Investors generally are pricing in Armageddon for the satellite TV operator.
COMMENT:
Sky Network Television is arguably a textbook lesson of the perils that can befall a company when it rests on its laurels, treating customers and the threat of disruptive competitors, with complacency.
This has effectively conspired to see the shares lose around 80 per cent of their value sincethe highs in 2014. Over the same period the NZ50 has almost doubled.
A consistent under performer over the past five years, it is no surprise that few in the investment community are prepared to back a revival in Sky's fortunes. This is also as 'Herds' tend to seek safety in numbers, and it is far easier a thing to back any number of market darlings.
I myself admit to being in the bear camp on Sky TV for many years, a view reinforced by my own personal experience with its customer service, or lack thereof. However, and while the share price would say otherwise in 2019 (down 35 per cent year to date), there are signs that the winds of change are blowing the right way.
I caught up with the still relatively new CEO Martin Stewart recently, and explained how we regularly seek out unloved stocks, which most of the market 'hates' but where there are legitimate grounds for a revival, and often in situations where new management have come on board. "You mean companies like us" he quipped.
His openness was refreshing, as was his commitment to improve relations with customers, investors, suppliers, and staff. Stewart has been quick to appreciate where the company has failed, and while wanting to reinstall Sky as the 'home' of sport, contrary to media reports, his first question was not 'who lost the Rugby World Cup rights?'
Rome wasn't built in a day, and neither will Sky be 'refashioned' in one, but there is clearly the commitment to do so. And the fact the company boasts one of the highest market penetration rates (43 per cent, with 750,000 paying customers) of any satellite provider globally means that it is not starting at ground zero.
The disruption that Sky has faced from the likes of Netflix, Amazon, and Lightbox is obvious, but subscriber churn is slowing down, and thanks to a number of long overdue initiatives by new management.
Moving to a more flexibly pricing structure was an important step, as was the likes of dropping the HD fee. The recent decision to abandon the Rugby channel also suggests that management has optimisation (and potentially a rebranding) of its product offering in mind.
Nonetheless a high penetration rate (and still unrivalled offering in live sports) means that Sky can maintain a relatively strong average revenue per user (around $75 at last count).
Offering a lower price point however is also key to getting new subscribers in (or back in) the door. A noteworthy point missed by some from the last results was that 50 per cent of new Sky subscribers already have Netflix – this shows how commoditised the space has become with many subscribers having room for multiple competing offerings.
With increasing competition (and for marquee sports events in particular), rising, programming costs (now around 40 per cent of revenues), is something that management will clearly be 'watching' closely.

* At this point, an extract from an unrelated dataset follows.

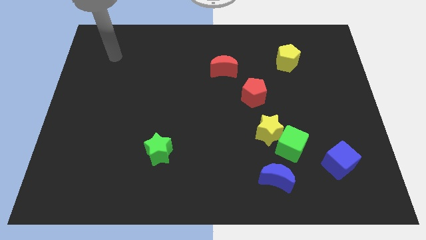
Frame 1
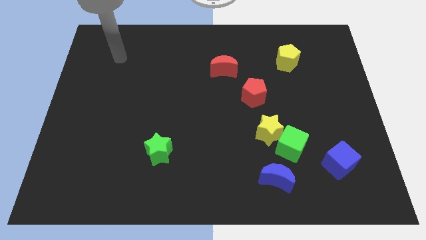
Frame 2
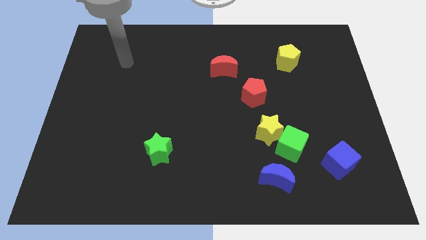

There is however a time and place for Sky to be a 'price chaser' and rugby rights will be up there. On that note, (and given Spark Sport's outages in recent events such as F1, hockey, rugby), a failure to properly deliver the RWC could do much to dent the success of Spark's own land grab. This however is not something Sky can rely on.
An increased move to 'digitise' should also reap rewards in our view, and although the 'dish' offering is not going anytime soon, developing an 'internet friendly' set top box will be paramount to Sky finally moving with the times. Pushing the Fan Pass app more also should prove the right call.
Many of these changes wouldn't have happened under the 'old guard' and it is refreshing that most have largely been moved on (excepting chairman Peter Macourt). Stewart has continued to build a well-heeled team around him, with the latest arrival being Blair Woodbury as CFO, who was previously involved in the spin out of Chorus from Spark,
From a valuation point of view, Sky is trading on just two times EBITDA (pegged at $230-235 million for FY19) and six times earnings (with a 10 per cent dividend yield). This suggests that investors generally are pricing in Armageddon for the satellite TV operator. But debt has been going in the right direction, and initiatives continue to ramp up to arrest the earnings attrition.
I could be wrong, but I think there is legitimate evidence that Sky has finally learnt from the misdeeds of the past and has already 'lifted its game' in many areas. Will anyone notice? We may have to wait till the full year results in August, and maybe even longer, but certainly the bar of expectation is set very, very, low.